Material provided:
● ● ●

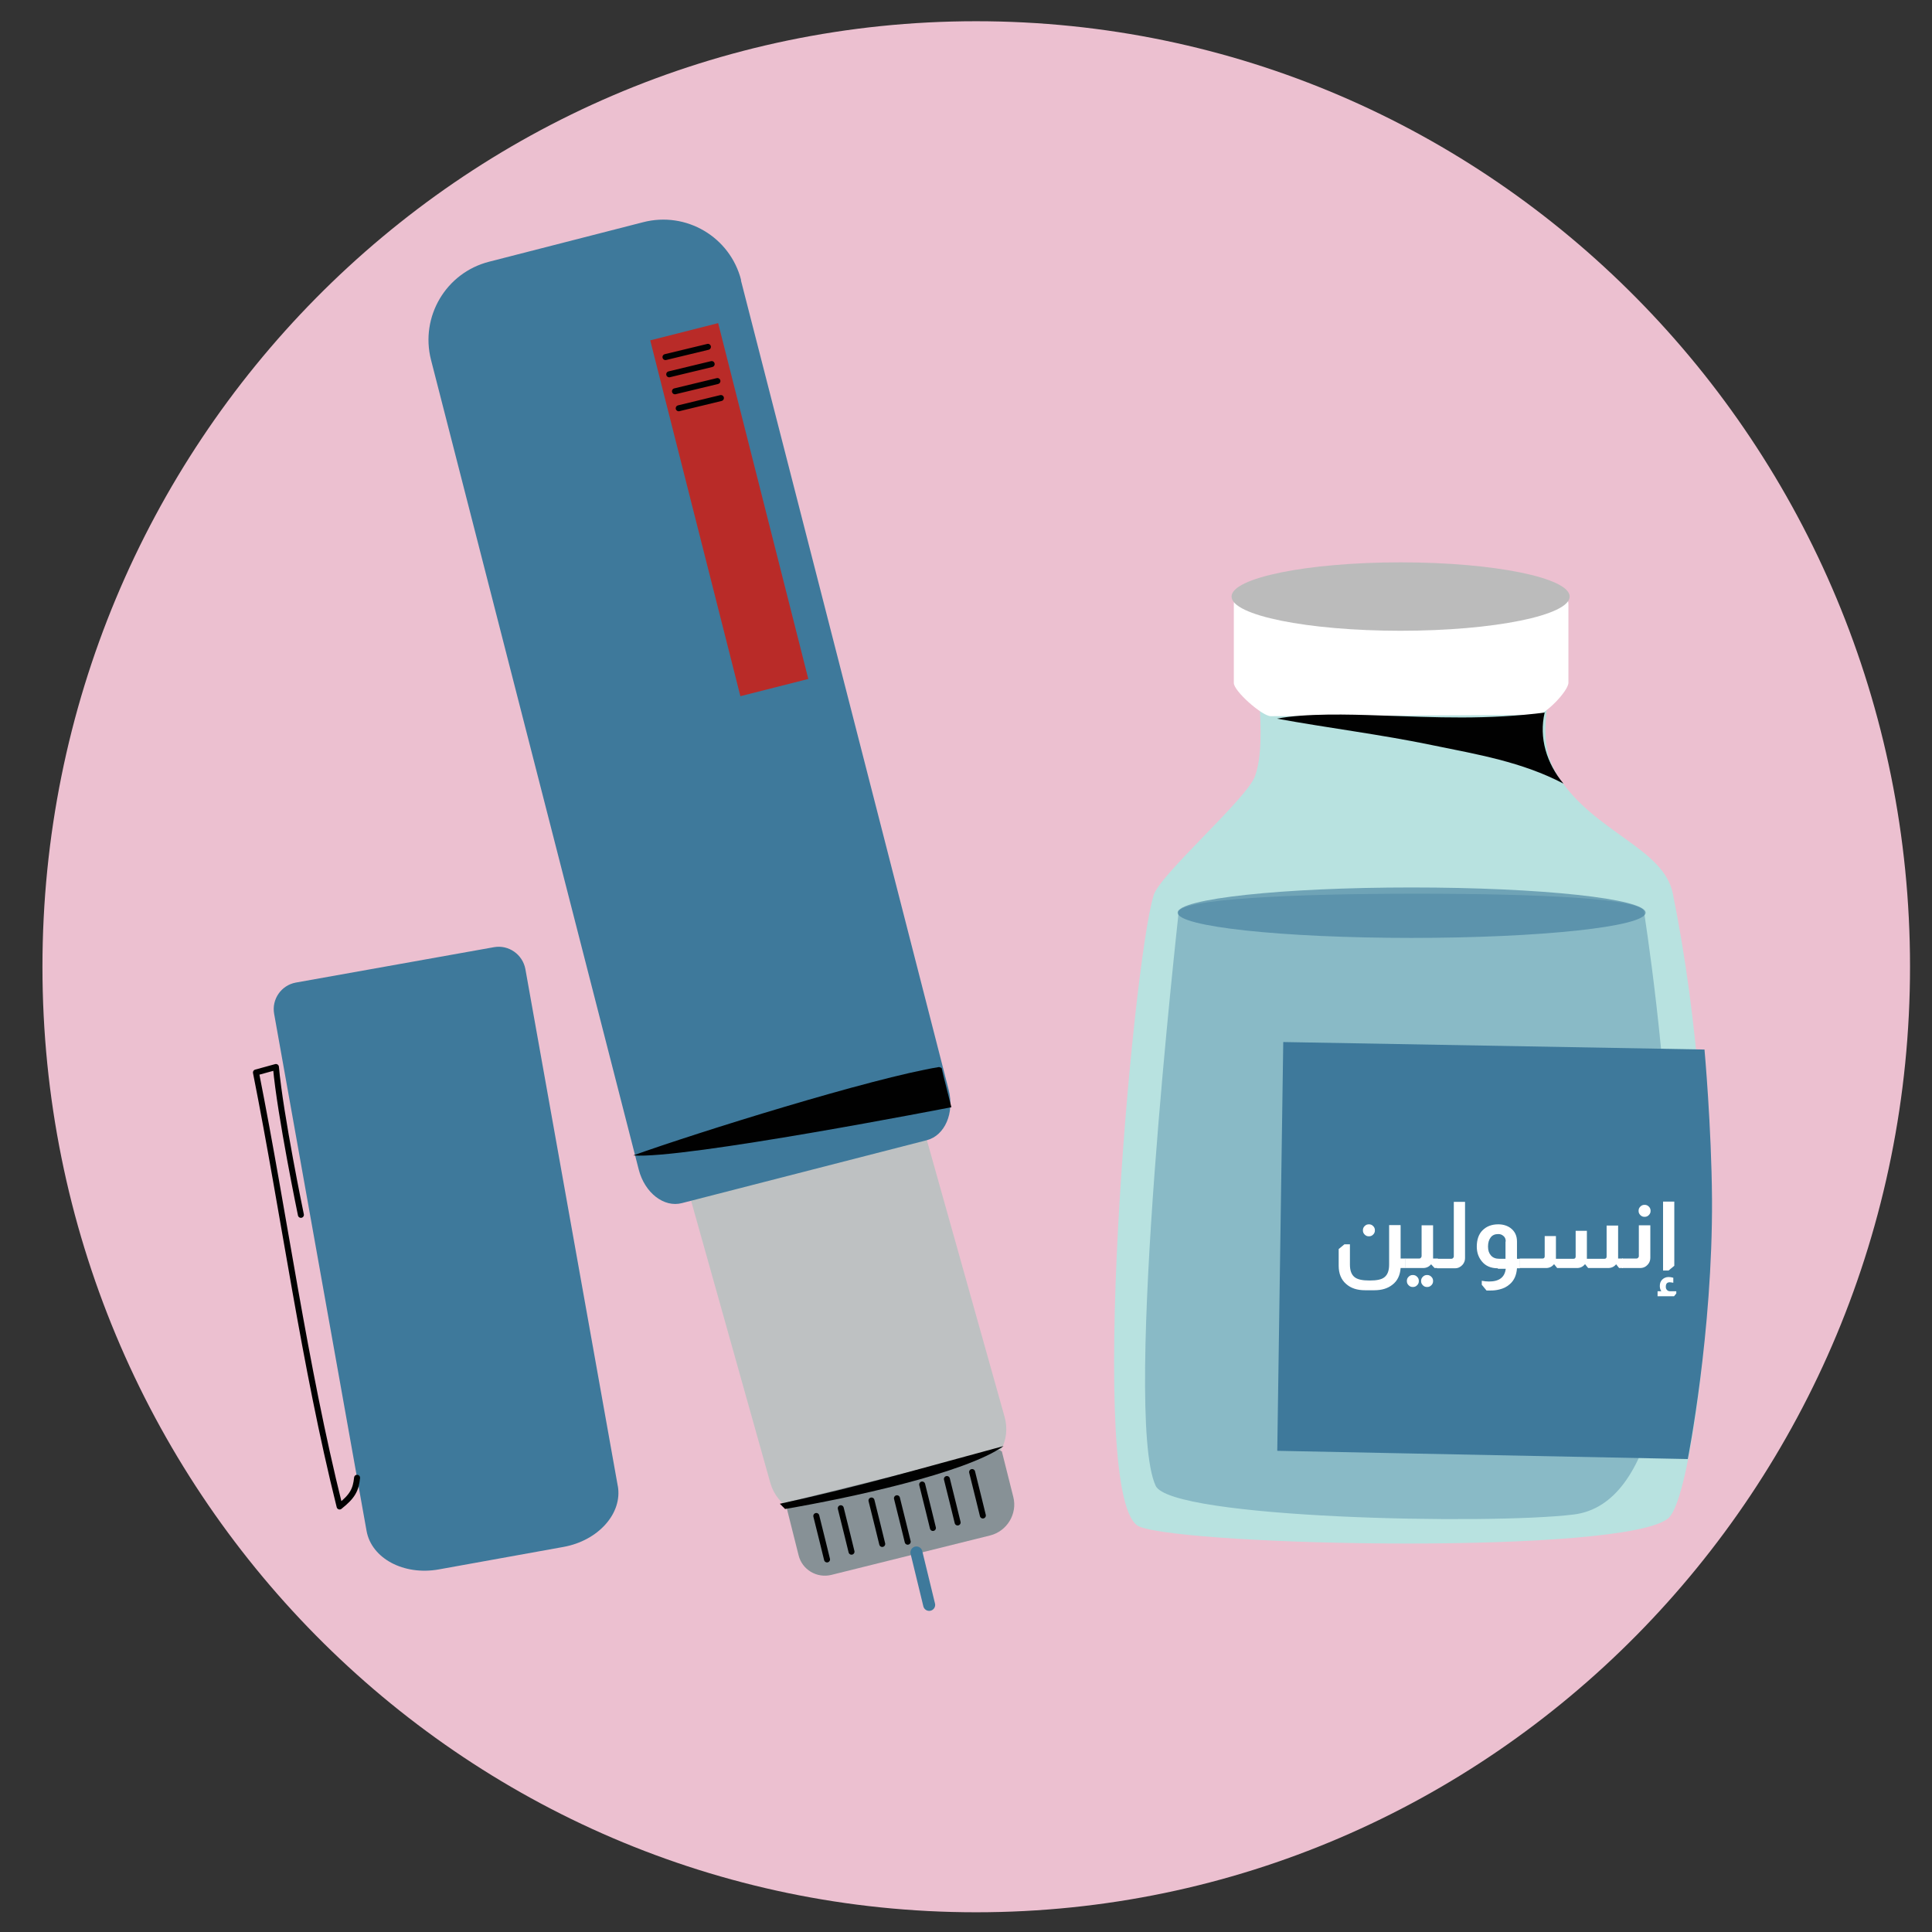 <?xml version="1.0" encoding="UTF-8"?>
<svg id="Layer_1" data-name="Layer 1" xmlns="http://www.w3.org/2000/svg" viewBox="0 0 77.37 77.37">
  <rect x="0" y="0" width="77.37" height="77.37" fill="#333333" stroke="none"/>
  <defs>
    <style>
      .cls-1 {
        stroke: #3e799b;
        stroke-width: .48px;
      }

      .cls-1, .cls-2 {
        fill: none;
        stroke-linecap: round;
        stroke-linejoin: round;
      }

      .cls-2 {
        stroke: #010101;
        stroke-width: .24px;
      }

      .cls-3, .cls-4, .cls-5, .cls-6, .cls-7, .cls-8, .cls-9 {
        fill-rule: evenodd;
      }

      .cls-3, .cls-4, .cls-5, .cls-6, .cls-7, .cls-8, .cls-9, .cls-10, .cls-11, .cls-12, .cls-13, .cls-14 {
        stroke-width: 0px;
      }

      .cls-3, .cls-8, .cls-9, .cls-11 {
        fill: #3e799b;
      }

      .cls-4 {
        fill: #bbb;
      }

      .cls-5 {
        fill: #bec1c2;
      }

      .cls-6 {
        fill: #b92b28;
      }

      .cls-7 {
        fill: #ecc0d0;
      }

      .cls-8 {
        opacity: .38;
      }

      .cls-8, .cls-9 {
        isolation: isolate;
      }

      .cls-9 {
        opacity: .59;
      }

      .cls-10 {
        fill: #879196;
      }

      .cls-12 {
        fill: #b8e2e0;
      }

      .cls-13 {
        fill: #fff;
      }

      .cls-14 {
        fill: #010101;
      }
    </style>
  </defs>
  <path id="_203" data-name=" 203" class="cls-7" d="M76.49,38.71c0,20.92-16.75,37.87-37.4,37.87S1.7,59.64,1.7,38.72c0-20.92,16.74-37.87,37.39-37.87s37.4,16.94,37.4,37.86Z"/>
  <g id="_206" data-name=" 206">
    <path id="_207" data-name=" 207" class="cls-3" d="M24.74,59.51l-3.7-20.7c-.11-.59-.67-.98-1.25-.88l-7.95,1.42c-.58.11-.97.67-.86,1.26l3.7,20.7c.2,1.1,1.49,1.79,2.89,1.54l4.99-.9c1.4-.25,2.38-1.35,2.18-2.45h0Z"/>
    <path id="_208" data-name=" 208" class="cls-2" d="M12.05,48.65s-.83-4-1-5.92l-.8.22c1.14,5.74,1.93,11.69,3.35,17.38.52-.41.65-.67.7-1.15"/>
    <g id="_209" data-name=" 209">
      <path id="_210" data-name=" 210" class="cls-12" d="M61.61,25.79c-2.95.16-10.48-.51-11.08.18-.44.5.29,3.54-.27,5.11-.32.9-3.81,3.94-4.06,4.77-.86,2.79-2.76,24.45-.56,25.29,2.03.78,19.43,1.13,21.17-.34.84-.72,1.56-7.3,1.56-9.19-.01-5.18-.33-10.65-1.38-15.83-.37-1.82-3.14-2.44-4.58-4.67-1.08-1.67-.09-3.26-.41-5.04"/>
      <path id="_211" data-name=" 211" class="cls-13" d="M49.41,27.34v-3.13c0-.34.27-.61.6-.61h12.2c.33,0,.6.27.6.61v3.13c0,.33-.93,1.29-1.26,1.29l-10.66.05c-.34,0-1.48-1-1.48-1.33h0Z"/>
      <path id="_212" data-name=" 212" class="cls-14" d="M61.86,28.53c-.24,1.02.08,2.04.75,2.85-1.66-.87-3.45-1.17-5.26-1.54-2.01-.42-4.19-.69-6.21-1.06,1.12-.22,2.93-.17,4.06-.13,2.35.08,4.37.18,6.71-.12"/>
      <path id="_213" data-name=" 213" class="cls-4" d="M62.86,23.89c0,.75-3.03,1.37-6.77,1.37s-6.77-.62-6.77-1.37c0-.75,3.03-1.37,6.77-1.37s6.77.62,6.77,1.37Z"/>
      <path id="_214" data-name=" 214" class="cls-8" d="M47.2,36.54c0,.06-2.26,20.06-.92,22.96.6,1.31,13.34,1.57,16.75,1.15,6.61-.83,2.81-24.01,2.81-24.13,0-.54-4.22-.73-9.13-.73s-9.52.21-9.52.75h.01Z"/>
      <path id="_215" data-name=" 215" class="cls-9" d="M65.9,36.55c0,.56-4.19,1.01-9.37,1.01s-9.37-.45-9.37-1.01c0-.56,4.2-1.01,9.37-1.01s9.37.45,9.37,1.01Z"/>
      <path id="_216" data-name=" 216" class="cls-11" d="M68.26,42.04s.28,3.1.3,5.98c.03,5.35-.97,10.41-.97,10.41l-16.44-.33.24-16.37,16.86.3h.01Z"/>
    </g>
    <g id="_219" data-name=" 219">
      <path id="_220" data-name=" 220" class="cls-5" d="M34.12,34.98l6.11,21.76c.27.95-.28,1.93-1.23,2.2l-5.95,1.68c-.95.27-1.93-.29-2.2-1.23l-6.11-21.76,9.38-2.63v-.02Z"/>
      <path id="_221" data-name=" 221" class="cls-3" d="M29.67,11.22l8.32,32.42c.24.93-.15,1.83-.87,2.02l-9.81,2.52c-.72.19-1.49-.41-1.73-1.34L17.26,14.41c-.44-1.73.6-3.49,2.33-3.93l6.16-1.58c1.73-.45,3.49.59,3.93,2.32h-.01Z"/>
      <path id="_222" data-name=" 222" class="cls-10" d="M40.12,58.12l.46,1.83c.17.67-.25,1.37-.93,1.54l-6.36,1.58c-.58.14-1.17-.21-1.31-.79l-.51-2.03s.05-.09.05-.09l8.48-2.1s.11.06.11.06h.01Z"/>
      <path id="_223" data-name=" 223" class="cls-1" d="M37.21,64.27l-.51-2.1"/>
      <g id="_224" data-name=" 224">
        <path class="cls-14" d="M37.71,42.77c.03.17.39,1.57.39,1.57,0,0-10.77,2.1-12.74,1.93,2.57-.92,9.55-3.1,12.25-3.54"/>
      </g>
      <path id="_225" data-name=" 225" class="cls-14" d="M31.44,60.43c2.52-.43,7.22-1.43,8.75-2.52-3.05.82-5.79,1.63-8.96,2.31"/>
      <path id="_226" data-name=" 226" class="cls-2" d="M39.36,60.69s-.29-1.19-.43-1.74"/>
      <path id="_227" data-name=" 227" class="cls-2" d="M38.35,60.97s-.29-1.19-.43-1.74"/>
      <path id="_228" data-name=" 228" class="cls-2" d="M37.36,61.19s-.29-1.19-.43-1.74"/>
      <path id="_229" data-name=" 229" class="cls-2" d="M36.35,61.74s-.29-1.19-.43-1.74"/>
      <path id="_230" data-name=" 230" class="cls-2" d="M35.33,61.83s-.29-1.19-.43-1.74"/>
      <path id="_231" data-name=" 231" class="cls-2" d="M34.1,62.14s-.29-1.19-.43-1.74"/>
      <path id="_232" data-name=" 232" class="cls-2" d="M33.12,62.45s-.29-1.19-.43-1.74"/>
      <path id="_233" data-name=" 233" class="cls-6" d="M32.37,27.19l-2.72.69-3.61-14.25,2.72-.69s3.61,14.25,3.61,14.25Z"/>
      <path id="_234" data-name=" 234" class="cls-2" d="M26.65,14.3l1.7-.41"/>
      <path id="_235" data-name=" 235" class="cls-2" d="M26.8,14.99l1.7-.41"/>
      <path id="_236" data-name=" 236" class="cls-2" d="M27.03,15.67l1.7-.41"/>
      <path id="_237" data-name=" 237" class="cls-2" d="M27.18,16.35l1.69-.41"/>
    </g>
  </g>
  <g>
    <path class="cls-13" d="M56.09,49.07v1.33h.19v.38h-.19c-.02.29-.13.52-.33.67-.19.15-.43.22-.72.22h-.37c-.32,0-.57-.08-.76-.25-.2-.17-.3-.42-.3-.73v-.67l.23-.19h.22v.81c0,.24.06.4.18.5.12.1.32.14.61.14s.48-.04.59-.13c.13-.1.19-.27.19-.51v-1.58h.45ZM54.82,49.03c.07,0,.12.02.17.07s.07.1.07.17-.02.12-.07.17c-.05.05-.1.07-.17.07s-.12-.02-.17-.07-.07-.1-.07-.17.02-.12.07-.17c.05-.05.1-.07.17-.07Z"/>
    <path class="cls-13" d="M57.39,49.07v1.33h.19v.38h-.13l-.14-.15h0c-.08.1-.19.15-.32.15h-.72v-.38h.56s.06,0,.07-.03c.02-.02.03-.04.03-.07v-1.23h.45ZM56.58,51.06c.07,0,.12.02.17.07s.07.1.07.17-.02.12-.07.17-.1.07-.17.07-.12-.02-.17-.07c-.05-.05-.07-.1-.07-.17s.02-.12.07-.17c.05-.05.1-.07.17-.07ZM57.15,51.06c.07,0,.12.02.17.07.05.05.07.1.07.17s-.02.12-.07.17c-.05.05-.1.07-.17.07s-.12-.02-.17-.07c-.05-.05-.07-.1-.07-.17s.02-.12.07-.17c.05-.05.1-.07.17-.07Z"/>
    <path class="cls-13" d="M58.67,48.12v2.26c0,.1-.03.19-.1.27-.08.09-.18.14-.3.14h-.72v-.38h.57s.05,0,.07-.03c.02-.02.03-.04.03-.06v-2.19h.45Z"/>
    <path class="cls-13" d="M59.98,50.79c-.27,0-.49-.09-.64-.28-.13-.16-.2-.35-.2-.59,0-.28.08-.5.23-.65.16-.16.37-.24.63-.24.19,0,.35.05.48.14.18.13.27.31.27.55v.69h.12v.38h-.12c-.02.27-.11.48-.28.63-.12.11-.26.18-.43.22-.12.03-.23.04-.34.04-.04,0-.09,0-.16,0h-.01l-.19-.23v-.16c.1.02.2.03.29.03.41,0,.63-.17.67-.51h-.31ZM60.3,49.72c0-.1-.03-.18-.1-.23-.06-.05-.12-.07-.2-.07-.13,0-.23.04-.3.13-.07.09-.11.21-.11.37s.04.27.12.36.19.13.33.13h.25v-.69Z"/>
    <path class="cls-13" d="M64.8,49.07v1.33h.19v.38h-.15l-.12-.15h0c-.08.1-.19.15-.32.15h-.8l-.12-.15h-.01c-.08.1-.19.15-.31.15h-.8l-.12-.15h-.01c-.08.1-.19.15-.31.15h-1.06v-.38h.91c.06,0,.09-.03.09-.09v-.81h.45v.79c0,.05,0,.09,0,.12h.7c.06,0,.09-.03.09-.09v-1.03h.45v.99s0,.04,0,.07v.06h.7c.06,0,.09-.03.09-.09v-1.24h.45Z"/>
    <path class="cls-13" d="M66.09,49.07v1.3c0,.1-.03.19-.1.27-.08.09-.18.14-.31.14h-.72v-.38h.57s.05,0,.07-.03c.02-.02.03-.04.03-.06v-1.24h.45ZM65.86,48.25c.07,0,.12.02.17.07.05.05.07.1.07.17s-.02.12-.07.17-.1.07-.17.07-.12-.02-.17-.07-.07-.1-.07-.17.02-.12.07-.17c.05-.05.1-.07.17-.07Z"/>
    <path class="cls-13" d="M66.53,51.71c-.04-.06-.06-.13-.06-.21,0-.11.03-.19.1-.26.06-.06.15-.1.25-.1.06,0,.12.01.19.03v.2s-.1-.02-.14-.02c-.11,0-.16.06-.16.18,0,.05.01.09.04.12.03.04.07.06.13.06h.25v.09l-.09.11h-.66v-.2h.15ZM67.05,48.12v2.57l-.23.19h-.22v-2.76h.45Z"/>
  </g>
</svg>

● ● ●

Within the listing above, find every line containing the string "stroke" and return it.

  <rect x="0" y="0" width="77.37" height="77.37" fill="#333333" stroke="none"/>
        stroke: #3e799b;
        stroke-width: .48px;
        stroke-linecap: round;
        stroke-linejoin: round;
        stroke: #010101;
        stroke-width: .24px;
        stroke-width: 0px;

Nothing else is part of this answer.